[Stored items]
━━━
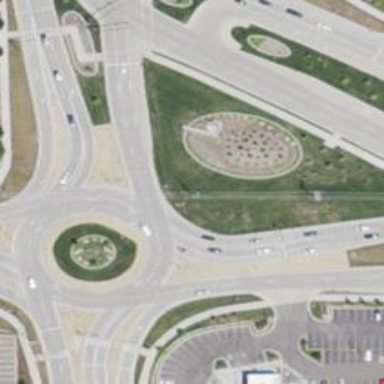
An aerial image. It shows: Secondary road around roundabout.
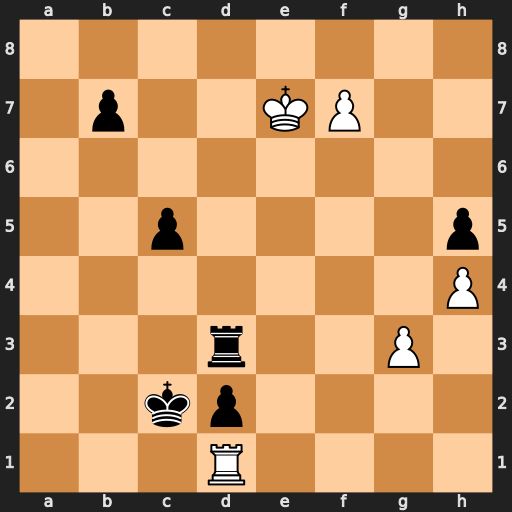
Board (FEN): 8/1p2KP2/8/2p4p/7P/3r2P1/2kp4/3R4
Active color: w
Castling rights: -
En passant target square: -
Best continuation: Rxd2+ Kxd2 f8=Q
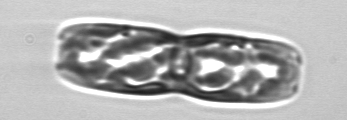
Label: pennate_morphotype1
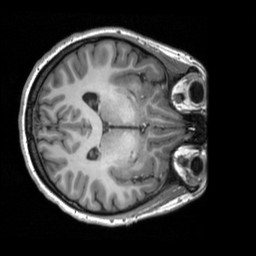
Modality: T1w
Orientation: axial
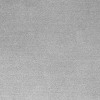
Atmospheric dust classification: dusty
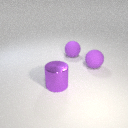
large purple rubber sphere to the right of large purple metal cylinder
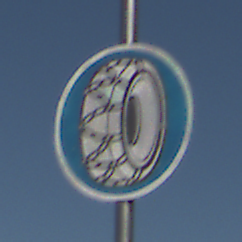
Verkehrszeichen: SchneekettenVorgeschrieben
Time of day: MorningAfternoon
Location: Outdoor (Nature)
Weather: Clear
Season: NotSpecified
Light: Natural
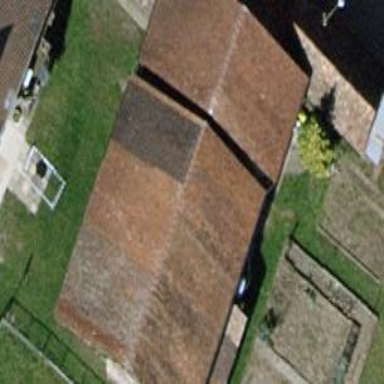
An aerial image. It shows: Shed.
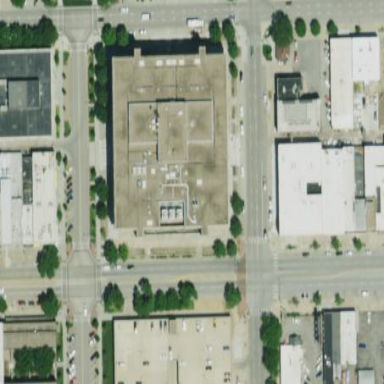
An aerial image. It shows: Government office building.
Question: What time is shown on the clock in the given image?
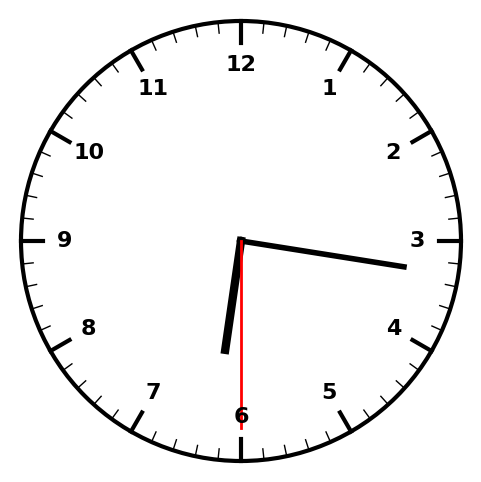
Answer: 06:16:30
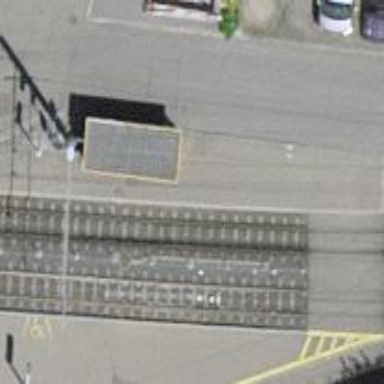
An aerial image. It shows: Grit bin.
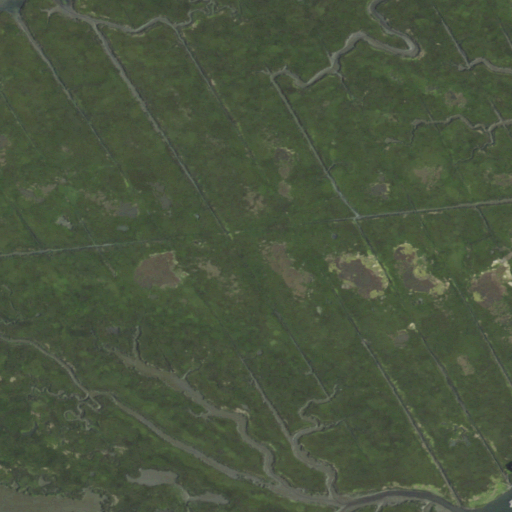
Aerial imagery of island in New York named Middle Crow Island containing herbaceous wetlands, open water, and low intensity development
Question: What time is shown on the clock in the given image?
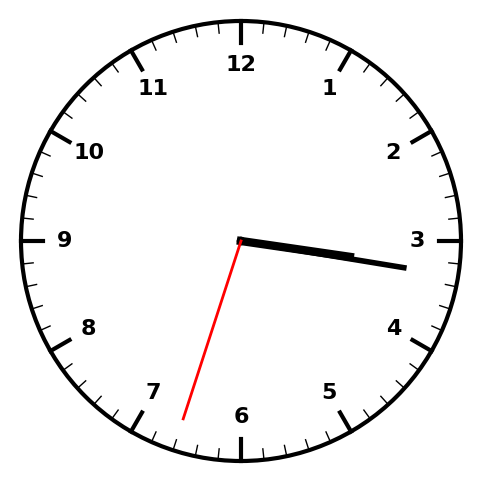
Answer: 03:16:33
━━━
### What the task requires
Once you have found every line above holding the word "shows", copy those lines.

### Answer space
An aerial image. It shows: Secondary road around roundabout.
An aerial image. It shows: Shed.
An aerial image. It shows: Government office building.
An aerial image. It shows: Grit bin.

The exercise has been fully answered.